Emerging growth company x
If an emerging growth company, indicate by check mark if the registrant
has elected not to use the extended transition period for complying with any new or revised financial accounting standards provided pursuant
to Section 13(a) of the Exchange Act.
Item 1.01 Entry into a Material Definitive Agreement.
At the Market Sales Agreement
On March 13, 2026, MultiSensor
AI Holdings, Inc., a Delaware corporation (the “Company”) entered into an at market issuance sales agreement (the “Sales
Agreement”) with Roth Capital Partners, LLC and H.C. Wainwright & Co., LLC, as sales agents or principals (the “Agents”),
under which the Company may offer and sell shares of the Company’s common stock, par value $0.0001 per share, having an aggregate
market value of up to $60,000,000 from time to time through the Agents (the “Offering”).
Sales of common stock under
the Sales Agreement, if any, will be in “at the market offerings” as defined in Rule 415 under the Securities Act of 1933,
as amended, including, without limitation, sales made directly on or through The Nasdaq Capital Market or on any other existing trading
market for the Company’s common stock, as applicable, or to or through a market maker or any other method permitted by law, including,
without limitation, negotiated transactions and block trades. The Agents are not required to sell any specific number or dollar amount
of securities, but will use their commercially reasonable efforts consistent with their normal trading and sales practices, on mutually
agreed terms between the Agents and the Company. The Sales Agreement sets parameters for the sale of shares of the Company’s common
stock, including the maximum number or amount of shares to be sold, the time period during which sales may be made, any limitation on
the number or amount of shares that may be sold in any one trading day, and any minimum price below which sales may not be made. The Company
intends to use the net proceeds from sales of common stock under the Sales Agreement, if any, for working capital and general corporate
purposes.
The Sales Agreement contains
customary representations and warranties of the Company and indemnification and contribution provisions pursuant to which the Company
has agreed to indemnify the Agents against certain specified liabilities. The Company will pay the Agents a commission at a rate of up
to 3.0% of the gross sales proceeds from sales of common stock under the Sales Agreement. The offering of common stock pursuant to the
Sales Agreement will terminate upon the earlier of (i) the sale of all shares of common stock subject to the Sales Agreement or (ii) the
termination of the Sales Agreement by the Agents or the Company in accordance with the terms of the Sales Agreement.
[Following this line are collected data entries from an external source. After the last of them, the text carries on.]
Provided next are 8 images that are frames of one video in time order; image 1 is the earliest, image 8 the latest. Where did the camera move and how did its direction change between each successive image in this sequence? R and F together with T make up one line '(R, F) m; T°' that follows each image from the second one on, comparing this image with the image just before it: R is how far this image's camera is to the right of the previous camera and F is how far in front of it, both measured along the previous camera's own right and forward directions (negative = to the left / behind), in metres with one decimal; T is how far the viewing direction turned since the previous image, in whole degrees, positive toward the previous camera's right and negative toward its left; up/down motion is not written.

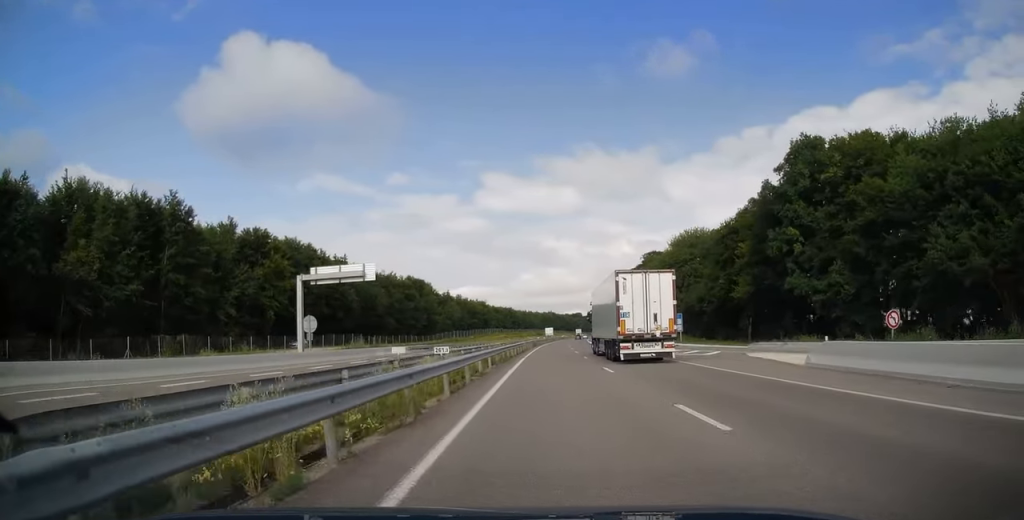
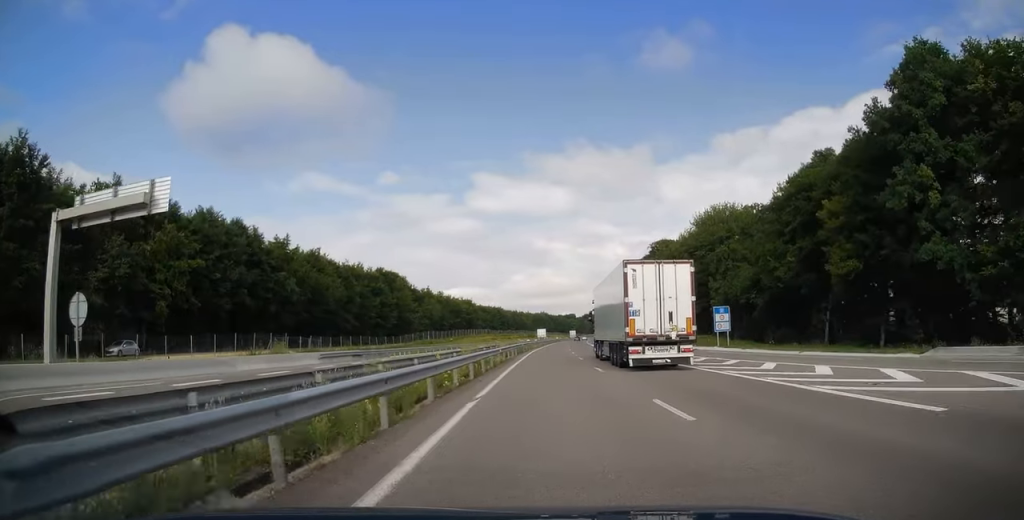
(-0.1, +24.9) m; +1°
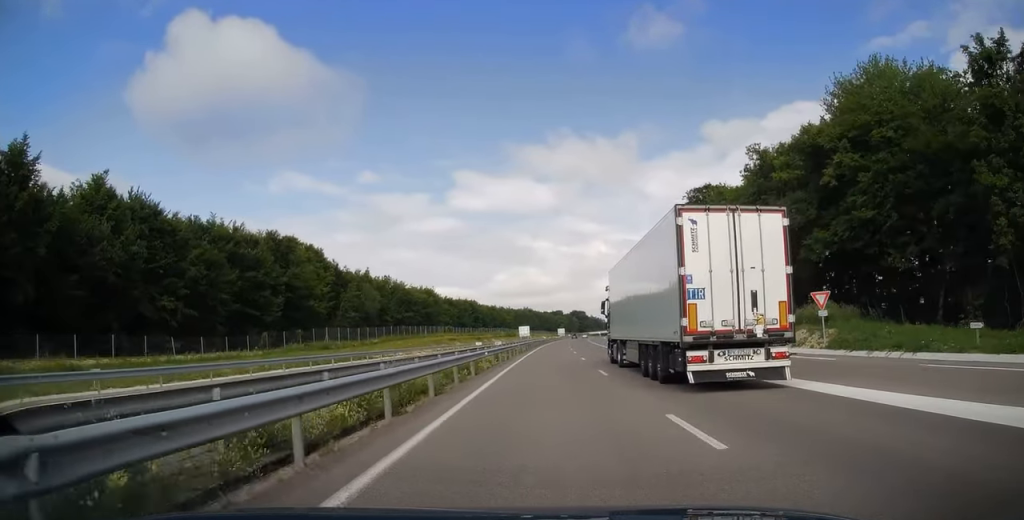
(+1.6, +54.6) m; +2°
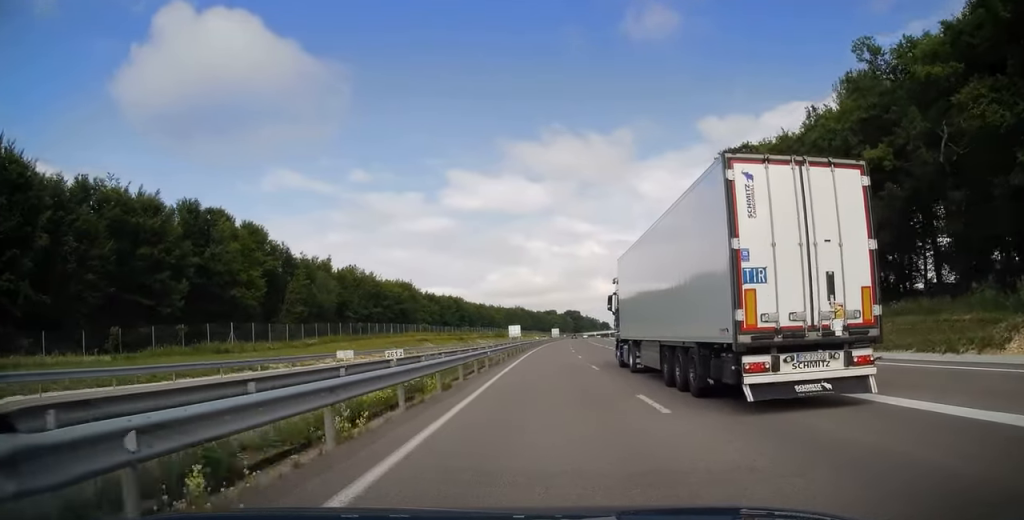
(-0.2, +22.9) m; +1°
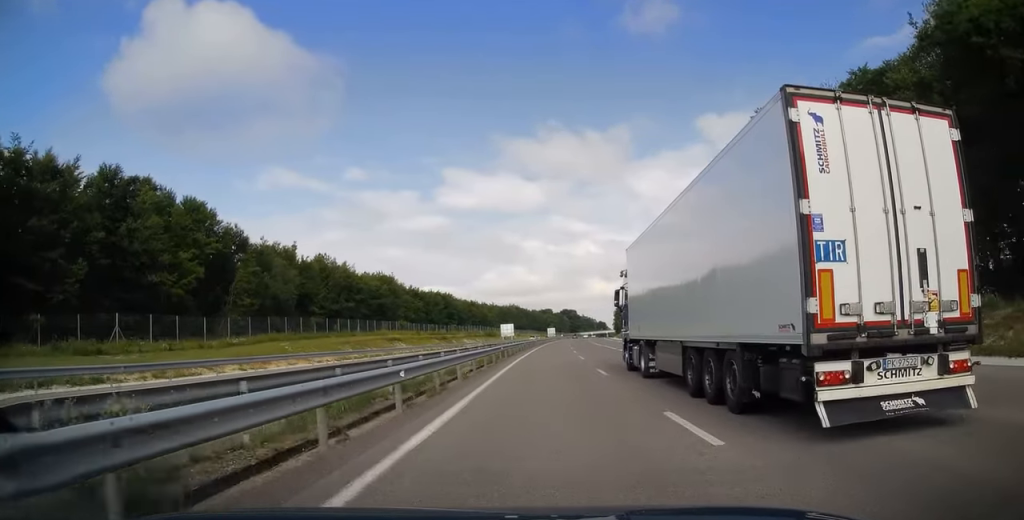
(-0.1, +16.1) m; 0°
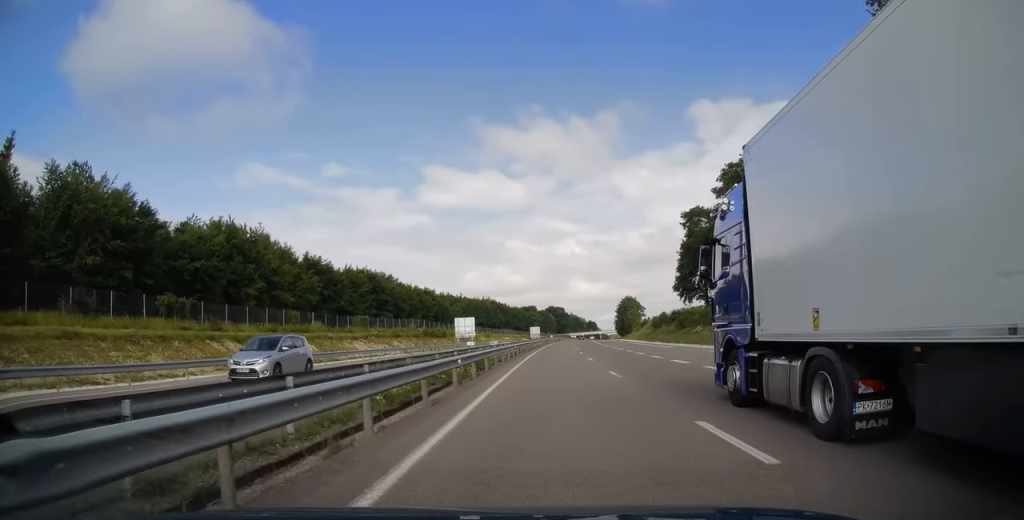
(+1.0, +66.4) m; +2°
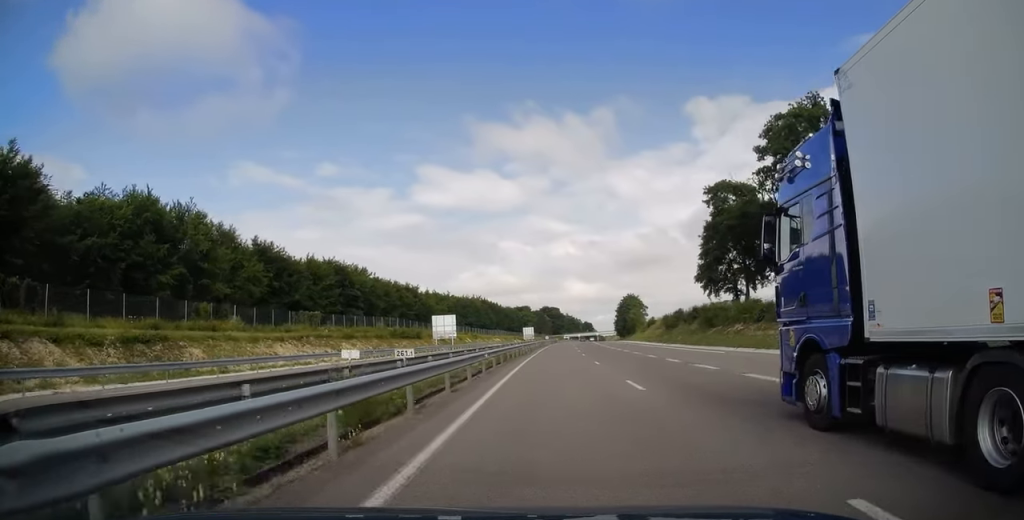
(+0.1, +17.6) m; +1°
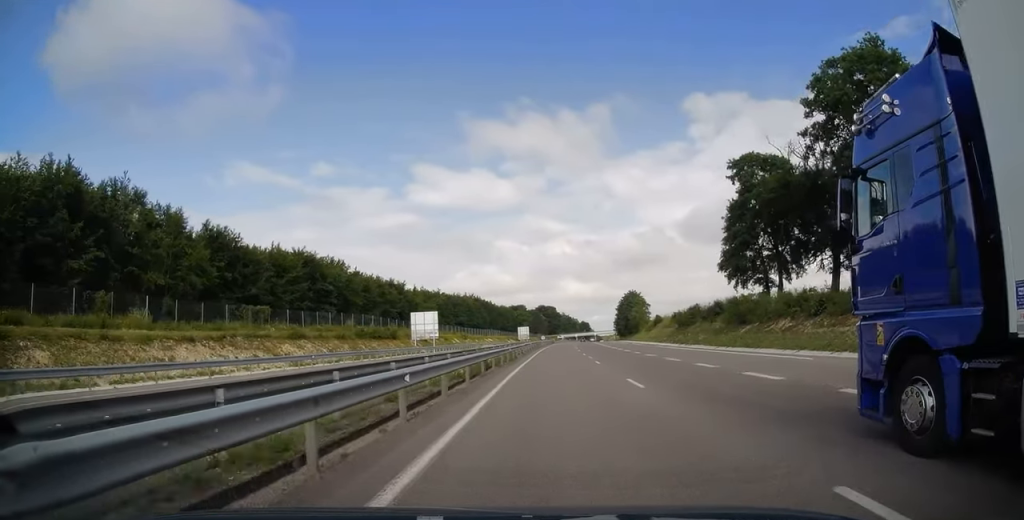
(+0.2, +12.7) m; 0°

Offers and sales of shares
of common stock by the Company, if any, under the Sales Agreement, will be made through a prospectus supplement, dated March 13, 2026,
and an accompanying base prospectus, dated January 30, 2025, contained therein (the “Prospectus Supplement”), which together
form a part of the Company’s shelf registration statement on Form S-3 (File No. 333-284437), initially filed by the Company with
the U.S. Securities and Exchange Commission (the “SEC”) on January 23, 2025, and declared effective by the SEC on January
30, 2025.
The foregoing description
of the Sales Agreement is not complete and is qualified in its entirety by reference to the full text of such agreement, a copy of which
is filed herewith as Exhibit 1.1 to this Current Report on Form 8-K and incorporated herein by reference.
This Current Report on Form
8-K shall not constitute an offer to sell or the solicitation of an offer to buy the securities discussed herein, nor shall there be any
sale of such securities in any state or jurisdiction in which such offer, solicitation or sale would be unlawful prior to registration
or qualification under the securities laws of any such state or jurisdiction.
A copy of the opinion of Haynes
and Boone, LLP relating to the validity of the shares of common stock that may be sold pursuant to the Sales Agreement is filed herewith
as Exhibit 5.1.
Amendment to Securities Purchase Agreement
In connection with the Offering,
on March 12, 2026, the Company and certain investors party to that certain Securities Purchase Agreement, dated October 24, 2025 (as amended,
the “Securities Purchase Agreement”), entered into an amendment to the Securities Purchase Agreement (the “Amendment”)
to permit the Offering.
The foregoing description
of Amendment does not purport to be complete and is subject to, and qualified in its entirety by, the full text of the Amendment, a form
of which is filed as Exhibit 10.1 to this Current Report on Form 8-K and is incorporated herein by reference.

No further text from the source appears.